[BUG][master branch] garbage GPTJ output for multi-gpu inference
See original GitHub issueDescribe the bug
Similar to #2113 this bug relates to garbage output when using multi-gpu inference. In that issue @RezaYazdaniAminabadi made a fix seen in #2198 that fixed a similar issue for GPT Neo 2.7B that after building from master I can confirm solved multi-gpu inference for GPT Neo 2.7B. However, for GPTJ the issue remains:
Output from 2 3090s for GPTJ
[{'generated_text': 'DeepSpeed is,: to,,/ &.. by and.. a\n.. and- and.. the,,\n of\n [.,.\n:, &-. and a- the,\n\n). the'}]
Meanwhile output from 1 3090 for GPTJ
[{'generated_text': 'DeepSpeed is a leading deep learning framework designed for distributed training and inference on heterogeneous accelerators and CPUs. Our paper (https://arxiv.org/abs/1811.11540) describes an optimized deep architecture and inference engine and'}]
To Reproduce Steps to reproduce the behavior:
- Install DeepSpeed from source on master
- pip install transformers
- Run with 2 GPUs to get bad output
- Run with 1 GPU to get good output
import os
import deepspeed
import torch
from transformers import pipeline
from transformers import AutoTokenizer, AutoModelForCausalLM
model_name = 'EleutherAI/gpt-j-6B'
# model_name = "EleutherAI/gpt-neo-2.7B"
local_rank = int(os.getenv('LOCAL_RANK', '0'))
world_size = int(os.getenv('WORLD_SIZE', '1'))
model = AutoModelForCausalLM.from_pretrained(model_name,torch_dtype=torch.float16)
tokenizer = AutoTokenizer.from_pretrained(model_name)
generator = pipeline('text-generation', model=model_name, device=local_rank,torch_dtype=torch.float16)
generator.model = deepspeed.init_inference(generator.model,
mp_size=world_size,
dtype=torch.half,
replace_method='auto',
replace_with_kernel_inject=True)
string = generator("DeepSpeed is", do_sample=True, min_length=50)
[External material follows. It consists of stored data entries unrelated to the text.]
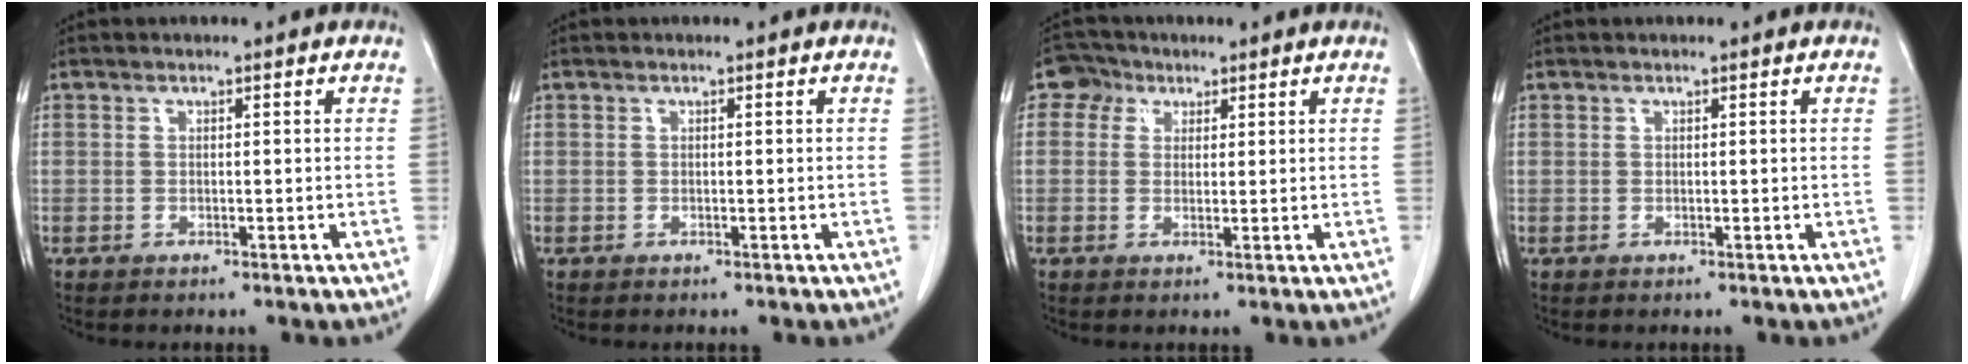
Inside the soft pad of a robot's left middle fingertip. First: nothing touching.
{"total": 0.0}
{"total": 3.5, "force": [1.6, 3.0, 0.7], "torque": [-0.013, 0.011, 0.027]}
{"total": 0.0}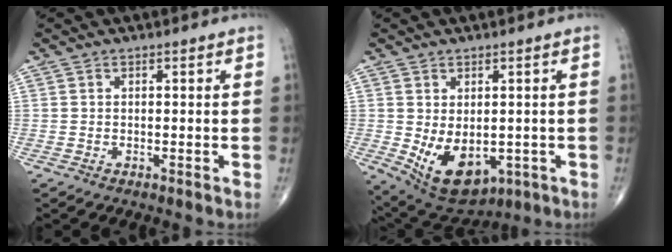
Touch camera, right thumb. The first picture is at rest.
{"total": 11.3, "force": [-2.0, 6.9, 8.6], "torque": [-0.125, -0.009, -0.005]}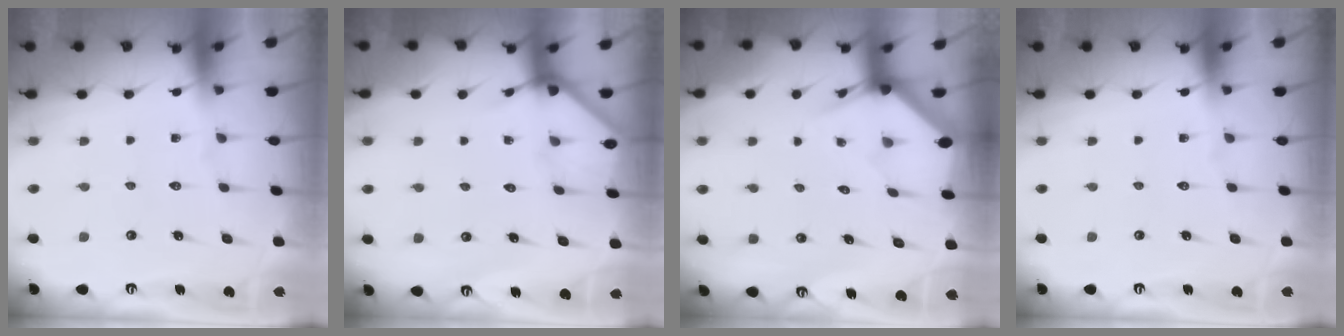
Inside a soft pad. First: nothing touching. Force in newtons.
{"total": 2.7, "press": 2.7, "slide": 0.1}
{"total": 2.8, "press": 2.8, "slide": 0.1}
{"total": 0.0}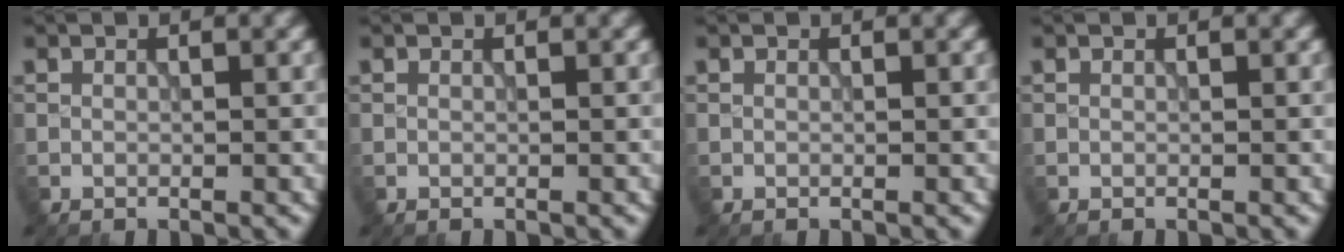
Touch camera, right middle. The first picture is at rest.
{"total": 0.0}
{"total": 0.0}
{"total": 0.0}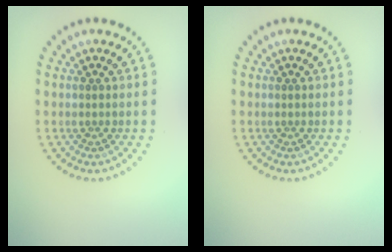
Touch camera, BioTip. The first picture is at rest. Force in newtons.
{"total": 0.0}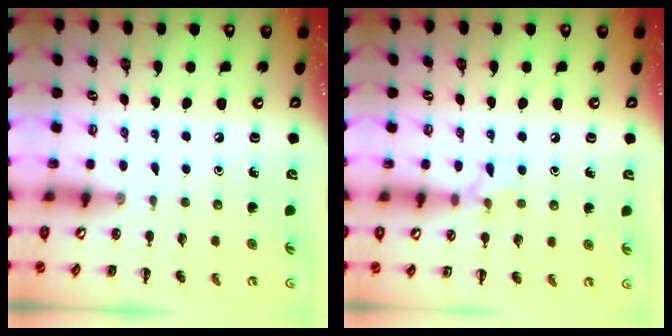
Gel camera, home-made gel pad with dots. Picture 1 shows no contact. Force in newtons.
{"total": 6.4, "press": 6.2, "slide": 1.6}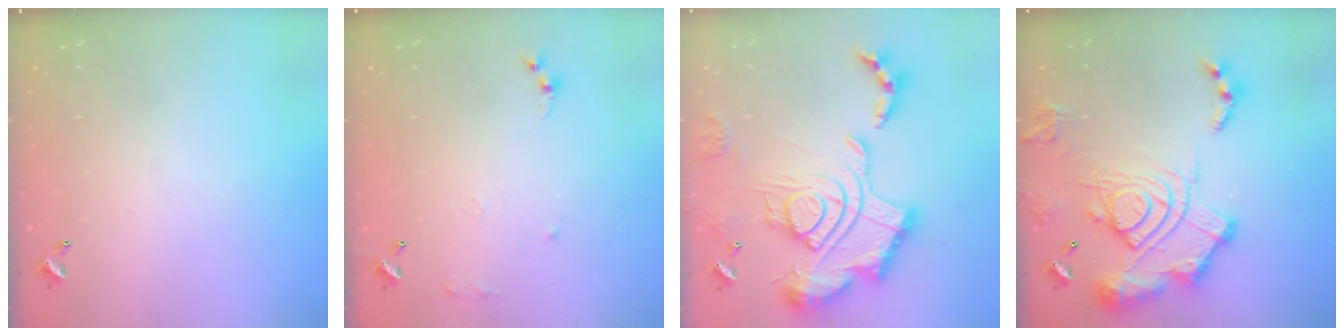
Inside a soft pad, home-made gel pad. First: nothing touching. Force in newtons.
{"total": 7.5, "press": 7.4, "slide": 0.8}
{"total": 3.0, "press": 2.4, "slide": 1.8}
{"total": 20.2, "press": 20.0, "slide": 2.4}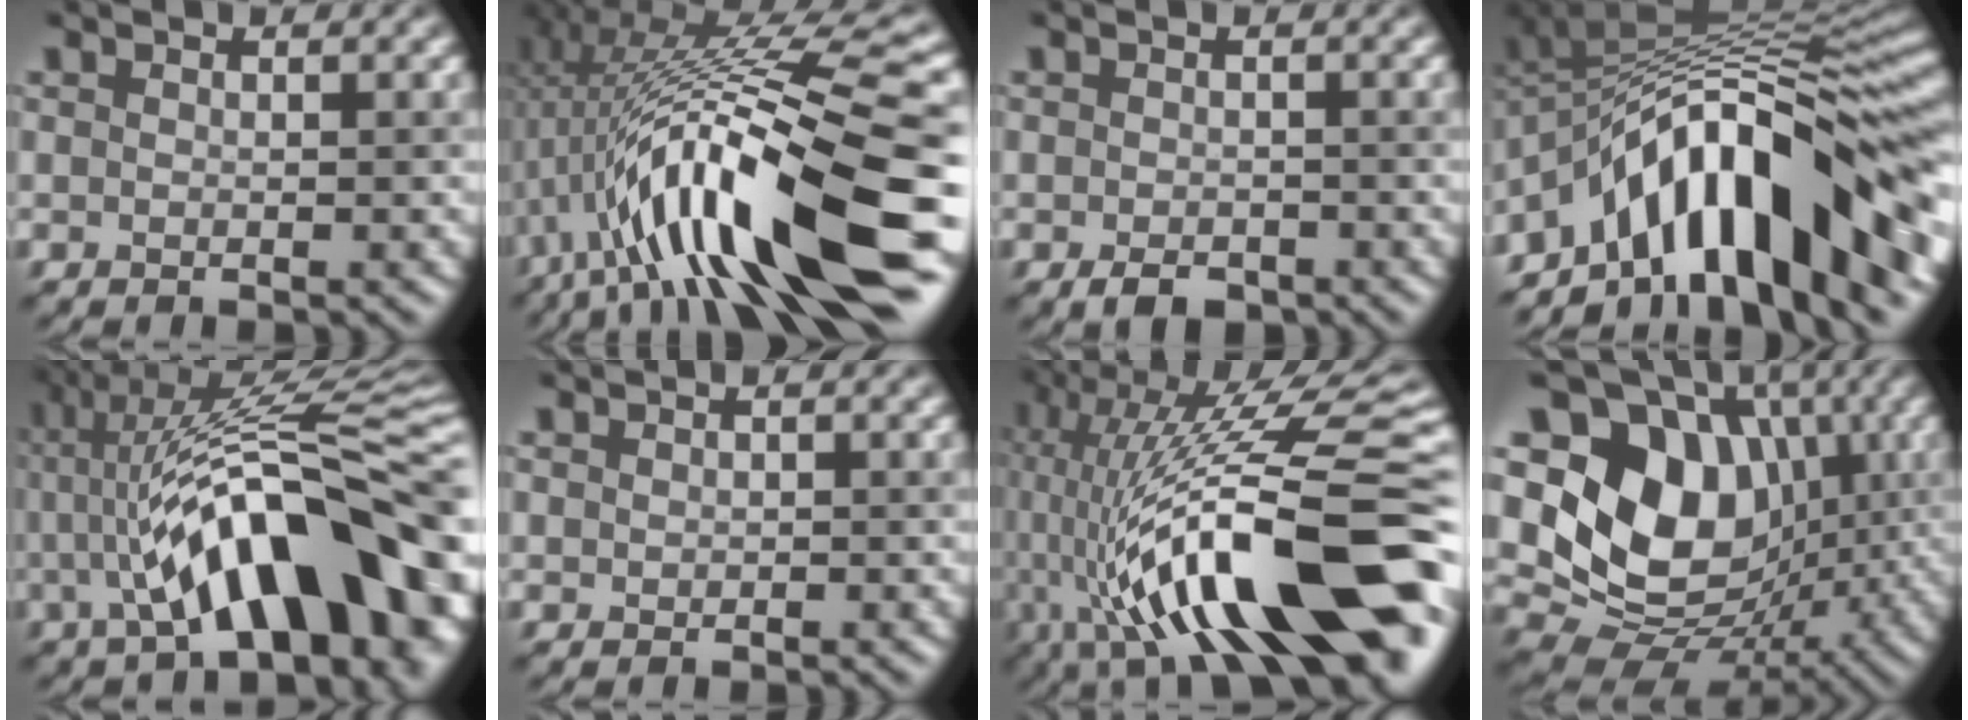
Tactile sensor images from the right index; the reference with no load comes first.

if not torch.distributed.is_initialized() or torch.distributed.get_rank() == 0:
print(string)
Expected behavior
I would expect output that makes sense, like the output for one GPU.
ds_report output
ds_report
DeepSpeed C++/CUDA extension op report
NOTE: Ops not installed will be just-in-time (JIT) compiled at runtime if needed. Op compatibility means that your system meet the required dependencies to JIT install the op.
JIT compiled ops requires ninja ninja … [OKAY]
op name … installed … compatible
cpu_adam … [YES] … [OKAY] cpu_adagrad … [YES] … [OKAY] fused_adam … [YES] … [OKAY] fused_lamb … [YES] … [OKAY] sparse_attn … [YES] … [OKAY] transformer … [YES] … [OKAY] stochastic_transformer . [YES] … [OKAY] async_io … [YES] … [OKAY] utils … [YES] … [OKAY] quantizer … [YES] … [OKAY] transformer_inference … [YES] … [OKAY]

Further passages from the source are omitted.